There is one span to output from the data below: the lines starting at the line with "Modality: T2w" and ending at the line with "H&E-stained tissue: Breast". Output it exactly, ends included, nothing more.

Data items:
────────────────

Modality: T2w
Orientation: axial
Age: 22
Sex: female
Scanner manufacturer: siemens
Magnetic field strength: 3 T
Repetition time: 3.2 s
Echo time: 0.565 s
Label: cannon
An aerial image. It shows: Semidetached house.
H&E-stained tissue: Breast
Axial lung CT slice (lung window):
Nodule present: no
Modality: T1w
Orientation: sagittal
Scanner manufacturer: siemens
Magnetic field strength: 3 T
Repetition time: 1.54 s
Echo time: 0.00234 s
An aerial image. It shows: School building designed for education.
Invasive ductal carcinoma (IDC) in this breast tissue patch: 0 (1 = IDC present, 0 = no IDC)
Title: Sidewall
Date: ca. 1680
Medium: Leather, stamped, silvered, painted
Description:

────────────────

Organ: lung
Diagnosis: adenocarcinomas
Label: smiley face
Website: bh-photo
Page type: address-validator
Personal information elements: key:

────────────────

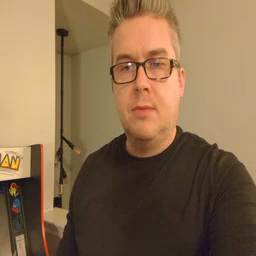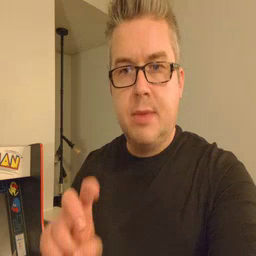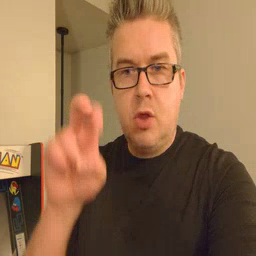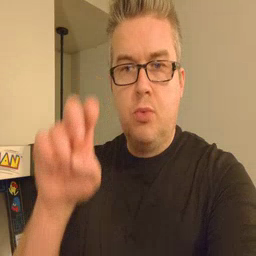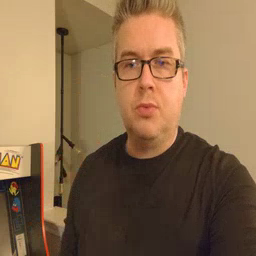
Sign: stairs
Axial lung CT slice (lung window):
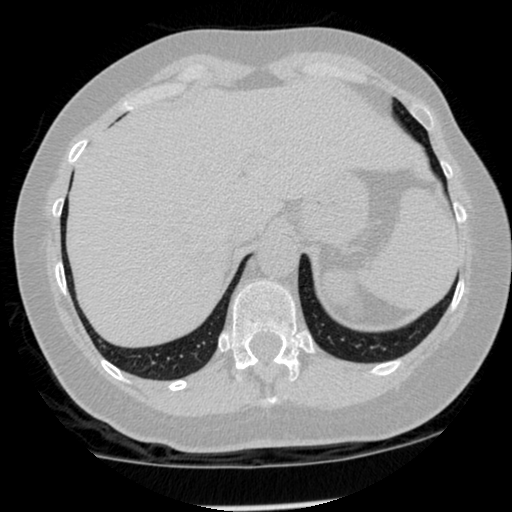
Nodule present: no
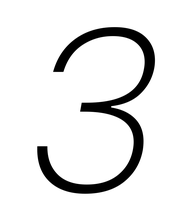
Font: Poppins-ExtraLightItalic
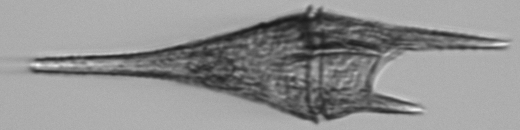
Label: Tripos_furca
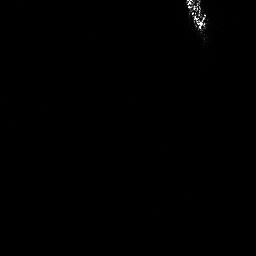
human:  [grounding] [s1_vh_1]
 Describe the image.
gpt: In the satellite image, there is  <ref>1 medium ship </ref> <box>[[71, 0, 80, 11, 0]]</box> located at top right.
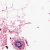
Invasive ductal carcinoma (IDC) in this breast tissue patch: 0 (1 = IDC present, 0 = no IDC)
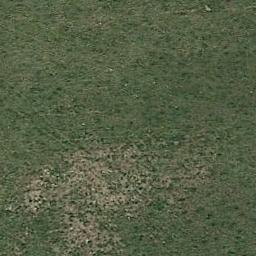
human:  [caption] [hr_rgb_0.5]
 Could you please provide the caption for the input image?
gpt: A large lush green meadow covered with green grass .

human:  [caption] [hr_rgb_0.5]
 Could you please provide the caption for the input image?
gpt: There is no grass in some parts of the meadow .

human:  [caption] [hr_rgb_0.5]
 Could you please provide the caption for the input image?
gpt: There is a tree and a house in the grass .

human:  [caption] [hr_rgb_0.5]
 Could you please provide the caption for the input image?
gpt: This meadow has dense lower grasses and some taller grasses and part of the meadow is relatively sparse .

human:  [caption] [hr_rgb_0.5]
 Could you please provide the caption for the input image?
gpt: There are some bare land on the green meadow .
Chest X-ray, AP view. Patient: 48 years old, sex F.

────────────────

RESULT FOR THIS EXERCISE:
Modality: T2w
Orientation: axial
Age: 22
Sex: female
Scanner manufacturer: siemens
Magnetic field strength: 3 T
Repetition time: 3.2 s
Echo time: 0.565 s
Label: cannon
An aerial image. It shows: Semidetached house.
H&E-stained tissue: Breast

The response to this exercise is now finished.